Activity: Your answer needs to include each line of the records in which the string "letters" can be found.

Items from a data source:
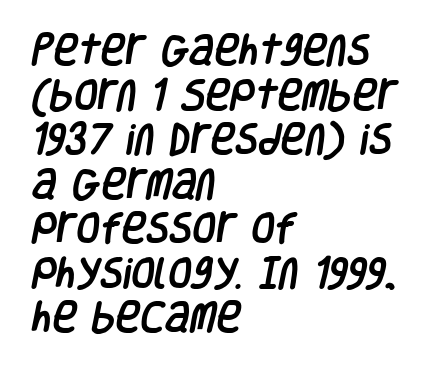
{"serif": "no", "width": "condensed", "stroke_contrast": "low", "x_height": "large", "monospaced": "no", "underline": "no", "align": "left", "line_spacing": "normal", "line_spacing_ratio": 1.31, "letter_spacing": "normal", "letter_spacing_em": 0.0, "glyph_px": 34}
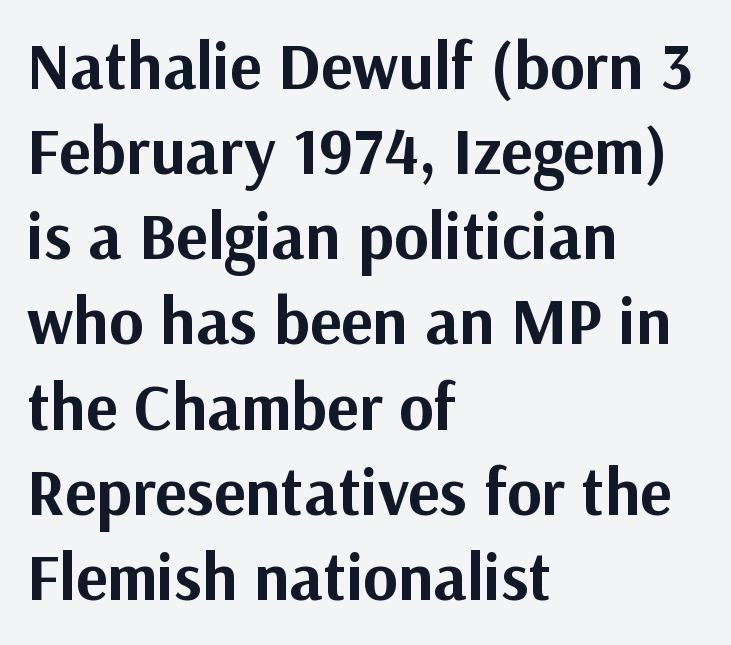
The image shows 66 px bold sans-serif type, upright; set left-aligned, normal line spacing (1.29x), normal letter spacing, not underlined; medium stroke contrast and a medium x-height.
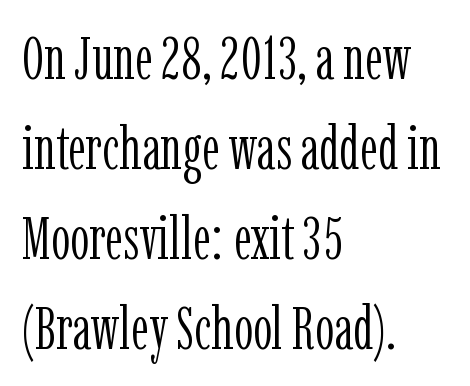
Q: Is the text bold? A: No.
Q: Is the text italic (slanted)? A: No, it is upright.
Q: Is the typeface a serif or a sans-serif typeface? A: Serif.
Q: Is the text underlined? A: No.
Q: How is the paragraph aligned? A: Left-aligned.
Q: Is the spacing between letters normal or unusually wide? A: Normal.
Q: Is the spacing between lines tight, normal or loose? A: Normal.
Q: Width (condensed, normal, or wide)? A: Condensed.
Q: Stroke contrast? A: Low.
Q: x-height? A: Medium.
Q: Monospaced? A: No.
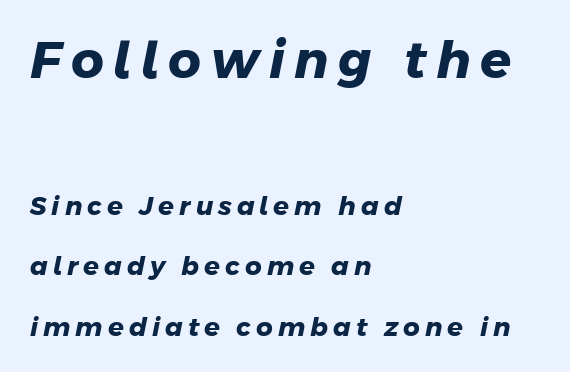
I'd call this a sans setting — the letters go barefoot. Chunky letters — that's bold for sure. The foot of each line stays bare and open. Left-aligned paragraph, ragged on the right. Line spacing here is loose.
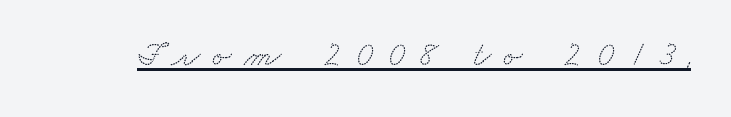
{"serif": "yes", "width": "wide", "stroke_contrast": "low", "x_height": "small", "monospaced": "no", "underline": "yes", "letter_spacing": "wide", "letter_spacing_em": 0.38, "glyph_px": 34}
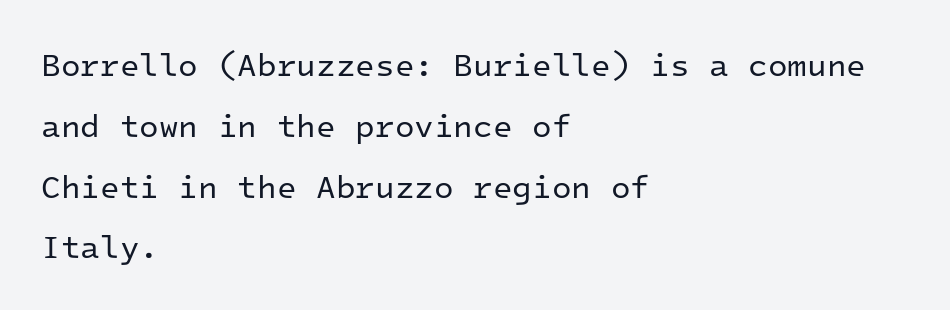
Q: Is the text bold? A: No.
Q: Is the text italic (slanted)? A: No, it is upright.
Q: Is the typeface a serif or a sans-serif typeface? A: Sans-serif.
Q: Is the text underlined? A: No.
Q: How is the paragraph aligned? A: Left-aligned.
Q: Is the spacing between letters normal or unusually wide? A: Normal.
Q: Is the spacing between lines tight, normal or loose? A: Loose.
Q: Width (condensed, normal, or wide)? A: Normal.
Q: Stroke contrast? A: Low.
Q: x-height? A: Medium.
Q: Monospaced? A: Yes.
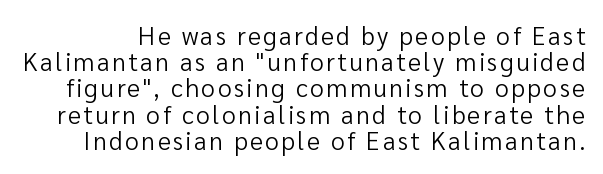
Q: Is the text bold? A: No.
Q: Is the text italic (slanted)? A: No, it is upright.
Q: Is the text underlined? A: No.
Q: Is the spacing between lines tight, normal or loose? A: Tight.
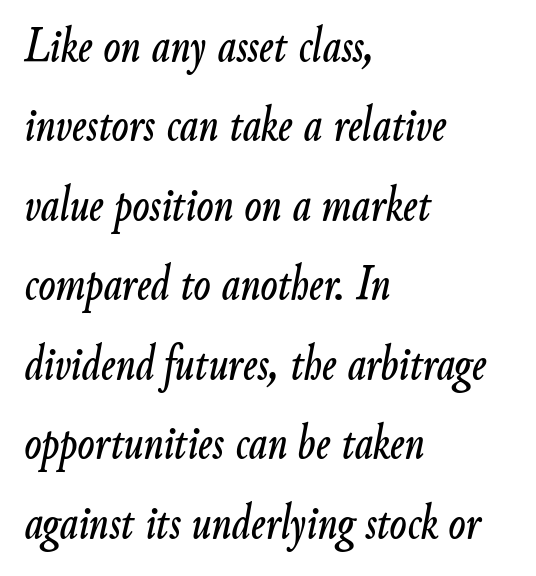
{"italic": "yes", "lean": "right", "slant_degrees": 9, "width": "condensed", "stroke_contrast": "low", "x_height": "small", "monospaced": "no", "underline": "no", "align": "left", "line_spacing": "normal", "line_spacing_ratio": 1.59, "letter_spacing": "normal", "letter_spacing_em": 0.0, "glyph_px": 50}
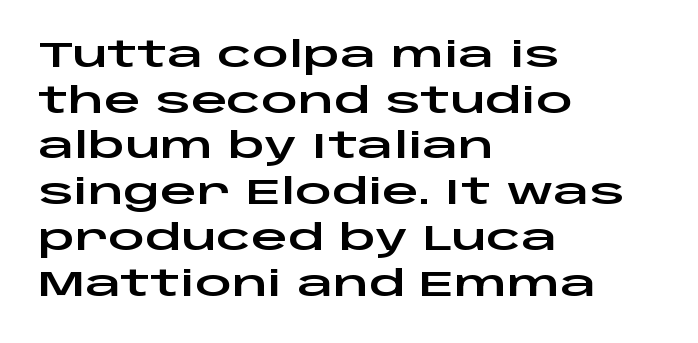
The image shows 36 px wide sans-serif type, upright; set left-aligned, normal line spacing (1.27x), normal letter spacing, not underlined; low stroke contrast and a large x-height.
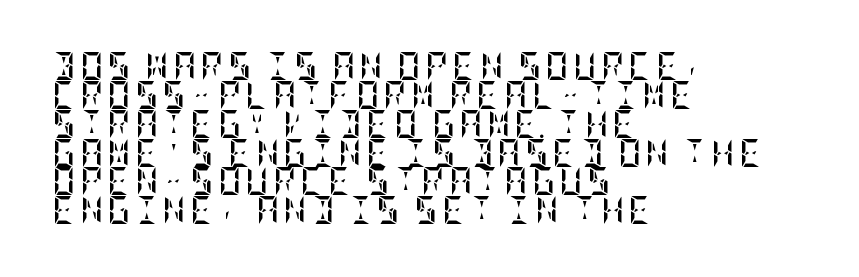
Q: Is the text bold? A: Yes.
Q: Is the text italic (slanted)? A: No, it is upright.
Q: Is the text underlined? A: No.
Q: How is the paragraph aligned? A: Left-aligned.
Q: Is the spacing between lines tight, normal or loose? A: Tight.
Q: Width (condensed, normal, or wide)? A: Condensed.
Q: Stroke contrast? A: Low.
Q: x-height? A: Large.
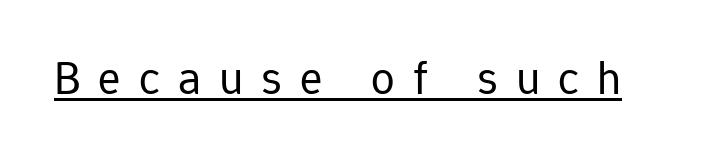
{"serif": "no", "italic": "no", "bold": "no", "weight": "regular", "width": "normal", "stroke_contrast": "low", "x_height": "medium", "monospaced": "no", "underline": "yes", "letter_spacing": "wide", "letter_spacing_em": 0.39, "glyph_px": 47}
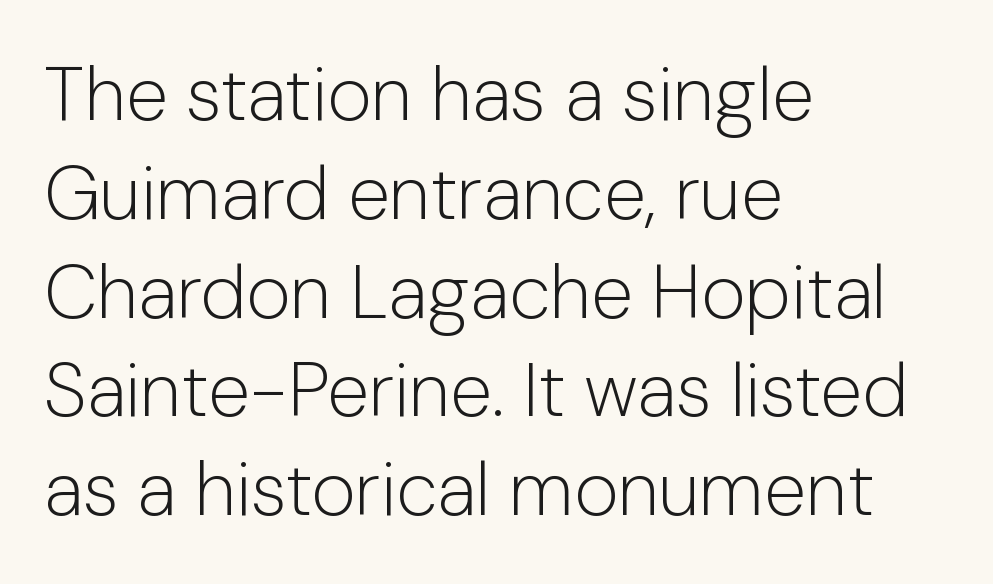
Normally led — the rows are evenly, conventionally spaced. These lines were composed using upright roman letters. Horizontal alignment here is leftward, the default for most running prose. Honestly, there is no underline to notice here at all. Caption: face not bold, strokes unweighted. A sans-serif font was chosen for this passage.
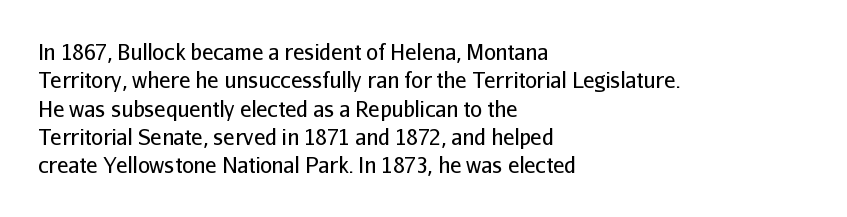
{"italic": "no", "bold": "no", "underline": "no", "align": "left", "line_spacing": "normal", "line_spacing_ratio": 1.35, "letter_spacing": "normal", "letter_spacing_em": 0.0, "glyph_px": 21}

Task output:
Q: Is the spacing between letters normal or unusually wide? A: Normal.
I'd call this a sans setting — the letters go barefoot. Chunky letters — that's bold for sure. The foot of each line stays bare and open. Left-aligned paragraph, ragged on the right. Line spacing here is loose.
Q: Is the spacing between letters normal or unusually wide? A: Normal.
Normally led — the rows are evenly, conventionally spaced. These lines were composed using upright roman letters. Horizontal alignment here is leftward, the default for most running prose. Honestly, there is no underline to notice here at all. Caption: face not bold, strokes unweighted. A sans-serif font was chosen for this passage.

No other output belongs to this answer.